■ **What is needed**
Transcribe each entry exactly as it appears, leaving out any picture it holds.

■ **Records to use**
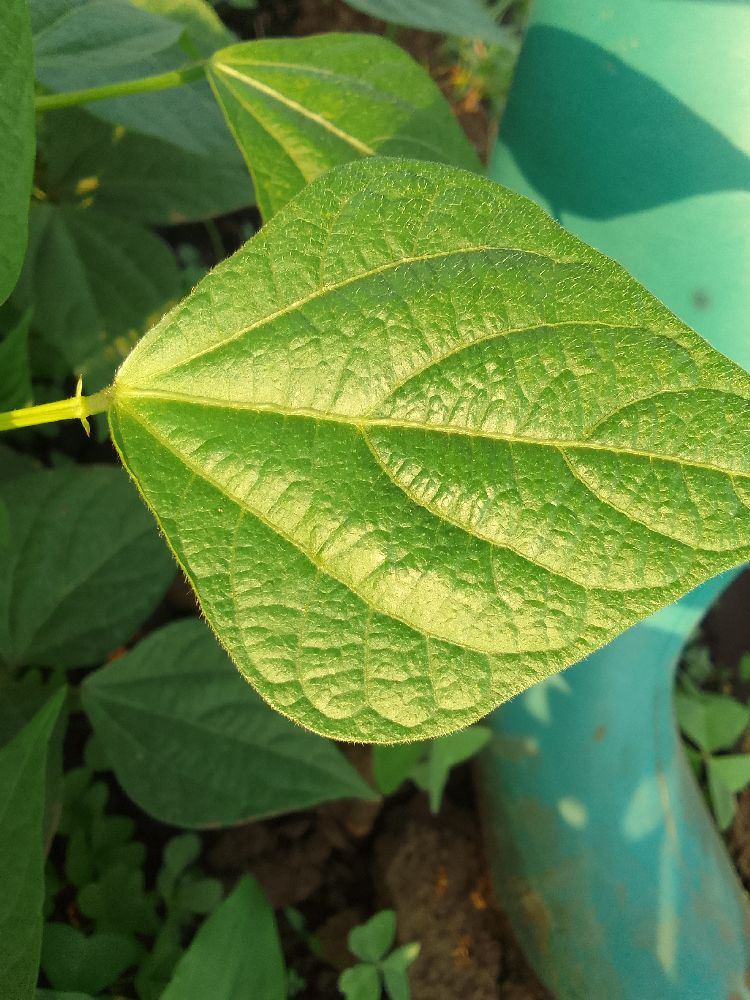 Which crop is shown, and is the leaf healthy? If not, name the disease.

common bean, healthy
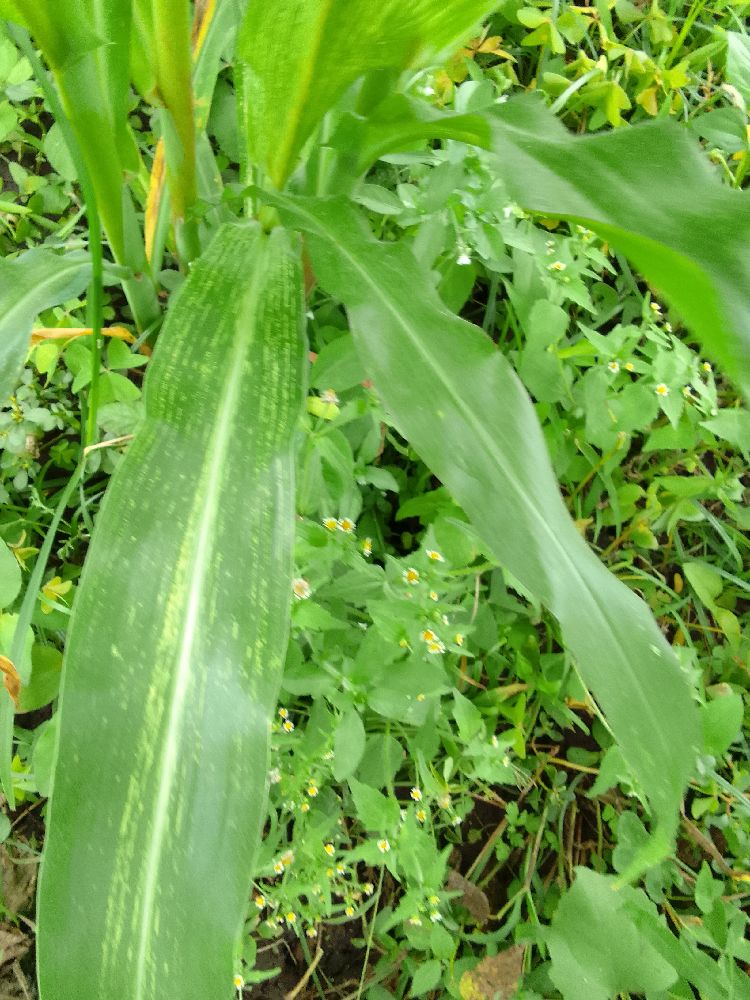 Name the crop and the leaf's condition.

maize, maize streak virus
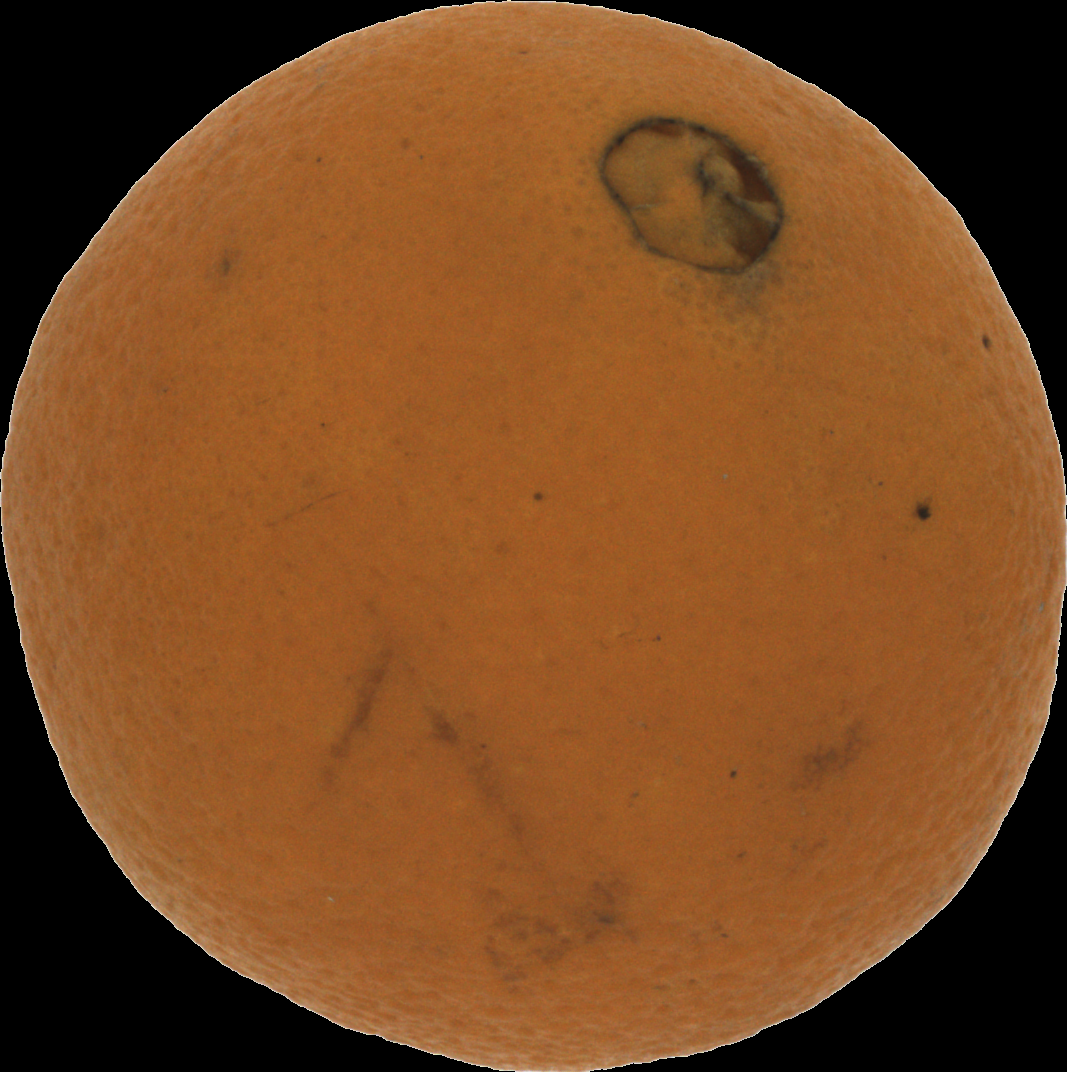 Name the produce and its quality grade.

orange, bad
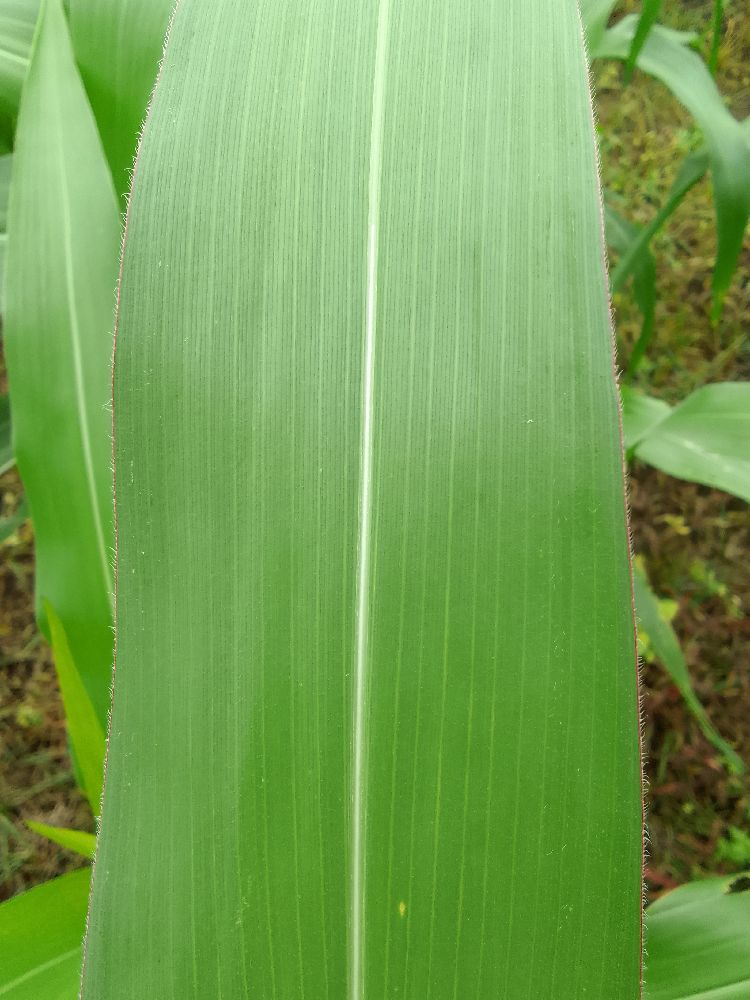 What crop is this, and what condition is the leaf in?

maize, healthy

■ **Response**
 Which crop is shown, and is the leaf healthy? If not, name the disease.

common bean, healthy
 Name the crop and the leaf's condition.

maize, maize streak virus
 Name the produce and its quality grade.

orange, bad
 What crop is this, and what condition is the leaf in?

maize, healthy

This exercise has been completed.